Records provided Start Marker
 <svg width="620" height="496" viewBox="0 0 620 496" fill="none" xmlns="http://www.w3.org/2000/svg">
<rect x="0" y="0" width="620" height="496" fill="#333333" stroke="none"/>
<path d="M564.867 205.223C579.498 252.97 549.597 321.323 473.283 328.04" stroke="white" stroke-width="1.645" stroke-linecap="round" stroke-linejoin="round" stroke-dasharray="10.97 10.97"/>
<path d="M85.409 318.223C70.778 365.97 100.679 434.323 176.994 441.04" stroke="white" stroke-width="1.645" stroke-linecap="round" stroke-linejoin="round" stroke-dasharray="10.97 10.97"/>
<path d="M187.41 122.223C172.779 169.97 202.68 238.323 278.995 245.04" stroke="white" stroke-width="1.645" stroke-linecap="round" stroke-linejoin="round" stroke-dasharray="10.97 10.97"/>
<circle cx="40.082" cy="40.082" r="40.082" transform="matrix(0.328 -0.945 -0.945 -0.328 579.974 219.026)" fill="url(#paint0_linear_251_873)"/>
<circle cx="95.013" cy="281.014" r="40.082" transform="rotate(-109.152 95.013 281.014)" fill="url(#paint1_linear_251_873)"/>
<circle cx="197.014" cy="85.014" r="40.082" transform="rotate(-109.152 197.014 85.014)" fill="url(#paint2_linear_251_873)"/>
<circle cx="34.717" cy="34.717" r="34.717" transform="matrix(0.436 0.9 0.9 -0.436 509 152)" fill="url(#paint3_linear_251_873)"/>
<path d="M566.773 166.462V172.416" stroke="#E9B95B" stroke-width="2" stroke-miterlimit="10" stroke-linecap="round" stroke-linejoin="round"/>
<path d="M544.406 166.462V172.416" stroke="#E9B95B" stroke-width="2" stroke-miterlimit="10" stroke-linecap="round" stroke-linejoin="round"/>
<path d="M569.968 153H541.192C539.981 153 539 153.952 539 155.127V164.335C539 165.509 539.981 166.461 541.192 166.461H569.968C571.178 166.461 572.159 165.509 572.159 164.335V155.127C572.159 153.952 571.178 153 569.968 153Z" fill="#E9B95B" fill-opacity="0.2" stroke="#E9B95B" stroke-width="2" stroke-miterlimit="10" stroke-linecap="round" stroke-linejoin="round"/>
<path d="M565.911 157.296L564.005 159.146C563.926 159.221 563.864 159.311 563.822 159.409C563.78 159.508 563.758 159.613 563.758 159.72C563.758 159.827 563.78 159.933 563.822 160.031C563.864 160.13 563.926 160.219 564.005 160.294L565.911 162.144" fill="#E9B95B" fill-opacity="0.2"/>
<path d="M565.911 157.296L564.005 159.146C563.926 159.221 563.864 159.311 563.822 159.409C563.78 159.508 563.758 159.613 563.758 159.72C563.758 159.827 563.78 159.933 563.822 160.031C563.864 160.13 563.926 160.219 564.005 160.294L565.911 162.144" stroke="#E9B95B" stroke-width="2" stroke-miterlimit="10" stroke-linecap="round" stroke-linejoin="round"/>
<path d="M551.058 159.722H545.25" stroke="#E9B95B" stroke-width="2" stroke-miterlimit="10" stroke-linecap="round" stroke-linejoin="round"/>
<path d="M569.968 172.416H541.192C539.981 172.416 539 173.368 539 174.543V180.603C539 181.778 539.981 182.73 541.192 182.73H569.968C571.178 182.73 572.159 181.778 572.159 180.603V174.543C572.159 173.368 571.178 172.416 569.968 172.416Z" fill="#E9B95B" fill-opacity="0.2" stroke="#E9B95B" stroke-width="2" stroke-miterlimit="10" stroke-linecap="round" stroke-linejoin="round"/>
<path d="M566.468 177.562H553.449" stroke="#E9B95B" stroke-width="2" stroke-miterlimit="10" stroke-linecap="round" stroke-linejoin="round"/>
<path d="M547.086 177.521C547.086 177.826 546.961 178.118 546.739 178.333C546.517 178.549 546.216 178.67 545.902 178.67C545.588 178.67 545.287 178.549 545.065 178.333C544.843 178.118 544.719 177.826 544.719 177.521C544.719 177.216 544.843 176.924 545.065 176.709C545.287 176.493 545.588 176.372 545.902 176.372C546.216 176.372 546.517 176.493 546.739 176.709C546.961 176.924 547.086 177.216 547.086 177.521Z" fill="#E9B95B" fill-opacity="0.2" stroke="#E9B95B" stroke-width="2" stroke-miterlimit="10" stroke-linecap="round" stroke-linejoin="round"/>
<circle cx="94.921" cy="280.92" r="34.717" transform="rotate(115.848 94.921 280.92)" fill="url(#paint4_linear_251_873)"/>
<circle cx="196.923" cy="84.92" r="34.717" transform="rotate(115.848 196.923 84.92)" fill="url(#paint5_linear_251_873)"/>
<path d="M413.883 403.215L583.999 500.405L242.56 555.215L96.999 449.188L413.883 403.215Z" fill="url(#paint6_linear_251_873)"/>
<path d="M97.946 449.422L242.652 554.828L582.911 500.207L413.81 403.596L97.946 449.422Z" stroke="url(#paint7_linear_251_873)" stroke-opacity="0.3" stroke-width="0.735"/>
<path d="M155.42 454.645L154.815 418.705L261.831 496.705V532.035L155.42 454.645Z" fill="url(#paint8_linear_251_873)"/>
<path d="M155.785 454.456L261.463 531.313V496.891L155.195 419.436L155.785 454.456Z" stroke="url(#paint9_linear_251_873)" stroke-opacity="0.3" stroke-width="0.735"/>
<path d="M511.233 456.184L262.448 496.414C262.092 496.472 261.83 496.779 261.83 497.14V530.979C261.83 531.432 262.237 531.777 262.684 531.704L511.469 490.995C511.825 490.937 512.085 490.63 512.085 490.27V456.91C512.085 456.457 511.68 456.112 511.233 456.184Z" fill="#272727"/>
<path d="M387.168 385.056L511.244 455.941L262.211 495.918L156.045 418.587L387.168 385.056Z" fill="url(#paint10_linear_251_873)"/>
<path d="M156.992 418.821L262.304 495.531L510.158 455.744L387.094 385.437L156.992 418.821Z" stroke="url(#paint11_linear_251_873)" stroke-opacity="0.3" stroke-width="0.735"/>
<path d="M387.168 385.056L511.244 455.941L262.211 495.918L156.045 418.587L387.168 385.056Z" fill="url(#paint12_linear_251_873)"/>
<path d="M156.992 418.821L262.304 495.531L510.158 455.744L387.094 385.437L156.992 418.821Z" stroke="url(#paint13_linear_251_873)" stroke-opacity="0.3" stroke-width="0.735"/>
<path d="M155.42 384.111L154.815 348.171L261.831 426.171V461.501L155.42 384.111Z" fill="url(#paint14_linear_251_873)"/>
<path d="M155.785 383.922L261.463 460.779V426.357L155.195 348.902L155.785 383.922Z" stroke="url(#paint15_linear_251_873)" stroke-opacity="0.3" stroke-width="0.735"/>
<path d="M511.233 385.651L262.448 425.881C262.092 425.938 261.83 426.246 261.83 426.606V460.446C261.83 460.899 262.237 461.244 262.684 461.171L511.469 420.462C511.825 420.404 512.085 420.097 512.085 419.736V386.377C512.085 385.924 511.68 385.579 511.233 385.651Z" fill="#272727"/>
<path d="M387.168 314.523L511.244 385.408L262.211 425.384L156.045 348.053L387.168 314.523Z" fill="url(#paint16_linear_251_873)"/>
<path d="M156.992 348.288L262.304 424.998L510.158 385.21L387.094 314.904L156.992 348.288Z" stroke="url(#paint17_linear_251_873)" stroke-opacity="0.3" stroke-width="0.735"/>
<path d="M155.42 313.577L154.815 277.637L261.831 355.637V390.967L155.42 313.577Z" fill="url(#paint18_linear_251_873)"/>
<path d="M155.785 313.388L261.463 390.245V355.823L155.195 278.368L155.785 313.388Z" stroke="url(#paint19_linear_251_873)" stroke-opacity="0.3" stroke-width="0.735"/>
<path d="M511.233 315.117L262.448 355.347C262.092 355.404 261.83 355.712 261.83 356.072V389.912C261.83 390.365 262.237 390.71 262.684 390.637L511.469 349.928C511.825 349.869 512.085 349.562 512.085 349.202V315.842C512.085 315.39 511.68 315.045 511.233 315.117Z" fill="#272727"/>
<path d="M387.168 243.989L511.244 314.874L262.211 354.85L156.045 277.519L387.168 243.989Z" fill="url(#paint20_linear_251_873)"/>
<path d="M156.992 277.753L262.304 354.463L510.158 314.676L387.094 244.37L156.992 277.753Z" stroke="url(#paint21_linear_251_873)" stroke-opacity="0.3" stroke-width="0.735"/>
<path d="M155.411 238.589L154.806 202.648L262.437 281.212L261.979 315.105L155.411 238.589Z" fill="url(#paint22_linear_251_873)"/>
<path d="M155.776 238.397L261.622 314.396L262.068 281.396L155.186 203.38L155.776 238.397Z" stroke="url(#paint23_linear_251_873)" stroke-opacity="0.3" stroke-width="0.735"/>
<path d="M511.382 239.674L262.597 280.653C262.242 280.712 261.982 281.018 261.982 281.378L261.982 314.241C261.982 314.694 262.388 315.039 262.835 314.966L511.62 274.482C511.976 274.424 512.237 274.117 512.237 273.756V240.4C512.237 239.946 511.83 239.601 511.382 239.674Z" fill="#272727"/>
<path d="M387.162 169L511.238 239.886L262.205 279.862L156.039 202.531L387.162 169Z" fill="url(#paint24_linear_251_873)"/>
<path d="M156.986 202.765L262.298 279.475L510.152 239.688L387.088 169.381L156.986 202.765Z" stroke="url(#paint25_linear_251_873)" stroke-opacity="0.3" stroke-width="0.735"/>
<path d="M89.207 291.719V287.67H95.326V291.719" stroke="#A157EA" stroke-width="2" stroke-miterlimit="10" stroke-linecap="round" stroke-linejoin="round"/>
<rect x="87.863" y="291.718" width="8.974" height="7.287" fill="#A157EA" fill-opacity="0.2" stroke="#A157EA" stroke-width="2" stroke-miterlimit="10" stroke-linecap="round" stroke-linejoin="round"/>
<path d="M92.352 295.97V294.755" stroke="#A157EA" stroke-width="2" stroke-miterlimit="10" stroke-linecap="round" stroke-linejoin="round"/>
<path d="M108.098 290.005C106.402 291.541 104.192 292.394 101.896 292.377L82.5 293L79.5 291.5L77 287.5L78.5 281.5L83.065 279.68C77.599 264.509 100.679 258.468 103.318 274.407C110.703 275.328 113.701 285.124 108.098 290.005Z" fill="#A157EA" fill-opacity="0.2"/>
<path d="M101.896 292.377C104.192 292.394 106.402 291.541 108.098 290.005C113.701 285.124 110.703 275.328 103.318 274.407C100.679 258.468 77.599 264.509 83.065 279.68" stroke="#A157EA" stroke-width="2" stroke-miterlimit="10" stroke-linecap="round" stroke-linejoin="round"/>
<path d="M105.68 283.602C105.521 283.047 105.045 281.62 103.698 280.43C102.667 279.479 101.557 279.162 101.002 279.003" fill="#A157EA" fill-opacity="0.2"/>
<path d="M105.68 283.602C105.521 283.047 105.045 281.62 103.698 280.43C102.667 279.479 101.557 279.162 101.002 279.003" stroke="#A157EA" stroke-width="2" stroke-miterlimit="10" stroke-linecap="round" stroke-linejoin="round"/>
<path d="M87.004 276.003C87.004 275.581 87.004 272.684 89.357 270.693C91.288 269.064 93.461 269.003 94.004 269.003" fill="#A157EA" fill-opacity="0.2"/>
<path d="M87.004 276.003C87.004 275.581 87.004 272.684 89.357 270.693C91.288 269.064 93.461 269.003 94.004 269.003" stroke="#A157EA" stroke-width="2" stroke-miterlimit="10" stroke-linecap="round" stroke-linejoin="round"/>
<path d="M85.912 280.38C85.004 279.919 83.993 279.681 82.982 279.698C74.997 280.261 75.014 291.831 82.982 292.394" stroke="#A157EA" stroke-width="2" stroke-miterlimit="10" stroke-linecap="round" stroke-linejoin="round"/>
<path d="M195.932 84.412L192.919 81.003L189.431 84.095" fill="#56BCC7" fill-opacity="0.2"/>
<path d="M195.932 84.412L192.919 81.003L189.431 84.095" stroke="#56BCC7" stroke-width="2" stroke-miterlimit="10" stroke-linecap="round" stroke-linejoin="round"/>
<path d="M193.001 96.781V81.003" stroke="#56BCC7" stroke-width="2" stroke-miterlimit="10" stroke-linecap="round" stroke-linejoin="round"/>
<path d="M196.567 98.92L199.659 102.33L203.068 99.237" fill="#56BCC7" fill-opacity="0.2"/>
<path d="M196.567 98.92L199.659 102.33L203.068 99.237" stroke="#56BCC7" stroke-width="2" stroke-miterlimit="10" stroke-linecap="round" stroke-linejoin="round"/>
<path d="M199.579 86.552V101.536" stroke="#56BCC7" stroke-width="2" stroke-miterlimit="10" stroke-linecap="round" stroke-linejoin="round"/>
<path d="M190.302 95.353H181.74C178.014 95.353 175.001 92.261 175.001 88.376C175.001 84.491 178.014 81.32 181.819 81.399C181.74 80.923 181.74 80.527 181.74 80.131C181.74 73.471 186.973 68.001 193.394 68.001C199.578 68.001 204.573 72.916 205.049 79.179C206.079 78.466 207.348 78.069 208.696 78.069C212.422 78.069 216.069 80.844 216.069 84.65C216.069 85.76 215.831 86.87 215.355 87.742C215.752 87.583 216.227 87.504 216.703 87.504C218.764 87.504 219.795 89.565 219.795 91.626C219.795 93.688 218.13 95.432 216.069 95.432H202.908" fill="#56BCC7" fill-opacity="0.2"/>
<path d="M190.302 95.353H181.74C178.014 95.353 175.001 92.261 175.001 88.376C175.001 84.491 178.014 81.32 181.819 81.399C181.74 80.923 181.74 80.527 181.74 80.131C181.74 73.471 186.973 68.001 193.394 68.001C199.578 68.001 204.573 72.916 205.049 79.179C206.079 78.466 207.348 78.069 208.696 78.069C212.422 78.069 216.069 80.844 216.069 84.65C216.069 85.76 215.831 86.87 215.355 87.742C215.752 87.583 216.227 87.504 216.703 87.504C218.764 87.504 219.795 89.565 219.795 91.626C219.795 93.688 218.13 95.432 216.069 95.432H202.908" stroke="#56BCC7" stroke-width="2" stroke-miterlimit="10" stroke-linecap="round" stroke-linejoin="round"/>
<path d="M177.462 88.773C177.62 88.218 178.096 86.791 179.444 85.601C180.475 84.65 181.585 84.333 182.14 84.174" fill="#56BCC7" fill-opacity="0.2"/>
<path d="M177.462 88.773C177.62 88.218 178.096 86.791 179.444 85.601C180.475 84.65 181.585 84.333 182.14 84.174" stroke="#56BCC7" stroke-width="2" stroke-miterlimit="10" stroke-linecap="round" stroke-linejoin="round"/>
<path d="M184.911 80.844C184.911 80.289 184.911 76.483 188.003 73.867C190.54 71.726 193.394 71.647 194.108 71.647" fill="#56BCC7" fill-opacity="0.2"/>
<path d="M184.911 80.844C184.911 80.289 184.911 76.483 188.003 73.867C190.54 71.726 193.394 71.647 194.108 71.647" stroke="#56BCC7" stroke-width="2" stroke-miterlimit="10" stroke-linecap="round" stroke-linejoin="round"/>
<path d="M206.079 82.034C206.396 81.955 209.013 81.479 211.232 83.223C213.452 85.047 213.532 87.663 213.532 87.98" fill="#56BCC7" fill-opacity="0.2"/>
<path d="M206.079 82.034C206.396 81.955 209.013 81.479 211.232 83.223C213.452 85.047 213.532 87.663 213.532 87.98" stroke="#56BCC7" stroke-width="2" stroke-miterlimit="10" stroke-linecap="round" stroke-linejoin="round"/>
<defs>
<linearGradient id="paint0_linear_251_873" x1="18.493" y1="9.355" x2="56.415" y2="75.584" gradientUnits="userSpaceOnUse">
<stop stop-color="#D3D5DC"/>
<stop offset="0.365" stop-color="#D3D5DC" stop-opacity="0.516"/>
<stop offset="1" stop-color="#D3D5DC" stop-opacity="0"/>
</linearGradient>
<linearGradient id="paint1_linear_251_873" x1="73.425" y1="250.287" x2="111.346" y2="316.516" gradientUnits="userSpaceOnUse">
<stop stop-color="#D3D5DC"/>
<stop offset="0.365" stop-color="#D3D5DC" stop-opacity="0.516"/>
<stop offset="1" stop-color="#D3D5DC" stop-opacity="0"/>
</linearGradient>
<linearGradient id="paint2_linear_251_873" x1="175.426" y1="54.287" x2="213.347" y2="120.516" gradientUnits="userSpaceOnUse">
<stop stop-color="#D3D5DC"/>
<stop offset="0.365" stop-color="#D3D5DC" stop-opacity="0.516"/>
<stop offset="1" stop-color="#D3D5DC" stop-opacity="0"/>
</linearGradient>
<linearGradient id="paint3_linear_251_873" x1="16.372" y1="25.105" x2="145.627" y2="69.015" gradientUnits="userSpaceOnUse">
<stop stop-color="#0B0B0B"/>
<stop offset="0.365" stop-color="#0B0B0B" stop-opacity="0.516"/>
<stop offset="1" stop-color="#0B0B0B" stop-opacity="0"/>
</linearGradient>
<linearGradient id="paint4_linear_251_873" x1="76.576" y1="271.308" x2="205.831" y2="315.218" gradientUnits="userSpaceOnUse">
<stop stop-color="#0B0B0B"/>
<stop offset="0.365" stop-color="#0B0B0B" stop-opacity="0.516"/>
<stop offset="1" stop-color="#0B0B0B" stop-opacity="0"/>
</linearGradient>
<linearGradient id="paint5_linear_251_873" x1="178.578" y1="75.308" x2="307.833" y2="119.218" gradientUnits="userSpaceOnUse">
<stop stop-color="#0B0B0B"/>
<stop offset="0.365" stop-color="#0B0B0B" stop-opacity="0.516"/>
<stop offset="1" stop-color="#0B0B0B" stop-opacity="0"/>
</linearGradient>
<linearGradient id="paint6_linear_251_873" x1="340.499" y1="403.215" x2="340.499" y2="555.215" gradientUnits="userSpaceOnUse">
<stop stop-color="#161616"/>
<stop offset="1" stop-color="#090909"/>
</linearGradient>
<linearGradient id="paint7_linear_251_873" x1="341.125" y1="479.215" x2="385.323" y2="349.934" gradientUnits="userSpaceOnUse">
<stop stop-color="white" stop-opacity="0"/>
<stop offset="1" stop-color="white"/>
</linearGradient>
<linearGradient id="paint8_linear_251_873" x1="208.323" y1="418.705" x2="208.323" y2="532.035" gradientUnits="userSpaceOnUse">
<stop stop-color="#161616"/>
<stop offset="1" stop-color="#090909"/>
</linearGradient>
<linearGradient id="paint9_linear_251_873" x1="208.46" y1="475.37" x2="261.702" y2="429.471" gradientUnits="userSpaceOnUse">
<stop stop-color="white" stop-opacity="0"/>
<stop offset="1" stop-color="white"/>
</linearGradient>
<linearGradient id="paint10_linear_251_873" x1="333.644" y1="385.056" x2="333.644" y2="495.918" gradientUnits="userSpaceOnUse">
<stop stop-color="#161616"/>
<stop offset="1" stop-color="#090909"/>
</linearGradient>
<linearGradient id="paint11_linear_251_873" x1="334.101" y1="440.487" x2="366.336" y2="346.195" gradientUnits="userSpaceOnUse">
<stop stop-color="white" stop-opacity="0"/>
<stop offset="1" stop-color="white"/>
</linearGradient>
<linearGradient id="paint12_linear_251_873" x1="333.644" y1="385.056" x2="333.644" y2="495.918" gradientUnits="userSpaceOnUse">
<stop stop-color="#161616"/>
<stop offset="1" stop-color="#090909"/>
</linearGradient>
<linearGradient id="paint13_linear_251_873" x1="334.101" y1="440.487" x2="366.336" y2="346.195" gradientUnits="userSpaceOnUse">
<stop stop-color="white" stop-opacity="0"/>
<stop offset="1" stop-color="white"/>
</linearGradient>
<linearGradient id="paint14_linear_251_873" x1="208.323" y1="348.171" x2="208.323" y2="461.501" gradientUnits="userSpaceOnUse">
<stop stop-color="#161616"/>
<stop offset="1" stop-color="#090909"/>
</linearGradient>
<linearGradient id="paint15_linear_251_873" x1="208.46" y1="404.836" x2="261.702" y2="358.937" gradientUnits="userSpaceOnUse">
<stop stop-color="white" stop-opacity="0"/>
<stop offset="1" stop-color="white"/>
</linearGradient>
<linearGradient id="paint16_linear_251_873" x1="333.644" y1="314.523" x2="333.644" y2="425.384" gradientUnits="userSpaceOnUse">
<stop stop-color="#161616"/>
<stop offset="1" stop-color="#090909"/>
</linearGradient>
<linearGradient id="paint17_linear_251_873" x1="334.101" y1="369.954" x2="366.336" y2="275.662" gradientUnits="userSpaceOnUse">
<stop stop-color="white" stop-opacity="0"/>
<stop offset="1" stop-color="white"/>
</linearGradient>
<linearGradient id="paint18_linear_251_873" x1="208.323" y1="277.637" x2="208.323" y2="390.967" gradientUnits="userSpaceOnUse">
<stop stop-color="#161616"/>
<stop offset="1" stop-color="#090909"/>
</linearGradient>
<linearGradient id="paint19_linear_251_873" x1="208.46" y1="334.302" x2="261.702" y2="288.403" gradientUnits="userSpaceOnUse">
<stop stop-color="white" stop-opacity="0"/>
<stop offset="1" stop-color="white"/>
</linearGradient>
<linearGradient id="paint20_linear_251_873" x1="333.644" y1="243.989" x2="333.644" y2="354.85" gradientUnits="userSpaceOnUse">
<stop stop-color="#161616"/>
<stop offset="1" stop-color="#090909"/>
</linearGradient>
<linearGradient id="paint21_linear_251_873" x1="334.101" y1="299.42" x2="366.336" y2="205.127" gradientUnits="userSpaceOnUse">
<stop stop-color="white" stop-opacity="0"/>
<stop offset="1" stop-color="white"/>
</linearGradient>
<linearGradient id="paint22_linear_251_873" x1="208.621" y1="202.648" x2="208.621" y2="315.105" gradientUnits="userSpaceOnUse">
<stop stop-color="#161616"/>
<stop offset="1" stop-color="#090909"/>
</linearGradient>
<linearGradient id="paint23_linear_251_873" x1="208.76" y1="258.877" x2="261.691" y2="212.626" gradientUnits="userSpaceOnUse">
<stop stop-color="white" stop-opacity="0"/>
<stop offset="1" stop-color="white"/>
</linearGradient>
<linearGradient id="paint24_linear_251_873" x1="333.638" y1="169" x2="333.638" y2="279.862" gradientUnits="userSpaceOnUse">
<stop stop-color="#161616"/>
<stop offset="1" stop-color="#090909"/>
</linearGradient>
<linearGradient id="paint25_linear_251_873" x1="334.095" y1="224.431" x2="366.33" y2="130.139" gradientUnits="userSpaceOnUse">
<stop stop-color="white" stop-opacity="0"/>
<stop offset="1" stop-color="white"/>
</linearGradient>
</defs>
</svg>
Records provided End Marker
#### [Instructions to follow]
From the entries above, copy out every line where the string "none" appears.

#### [Response]
 <svg width="620" height="496" viewBox="0 0 620 496" fill="none" xmlns="http://www.w3.org/2000/svg">
<rect x="0" y="0" width="620" height="496" fill="#333333" stroke="none"/>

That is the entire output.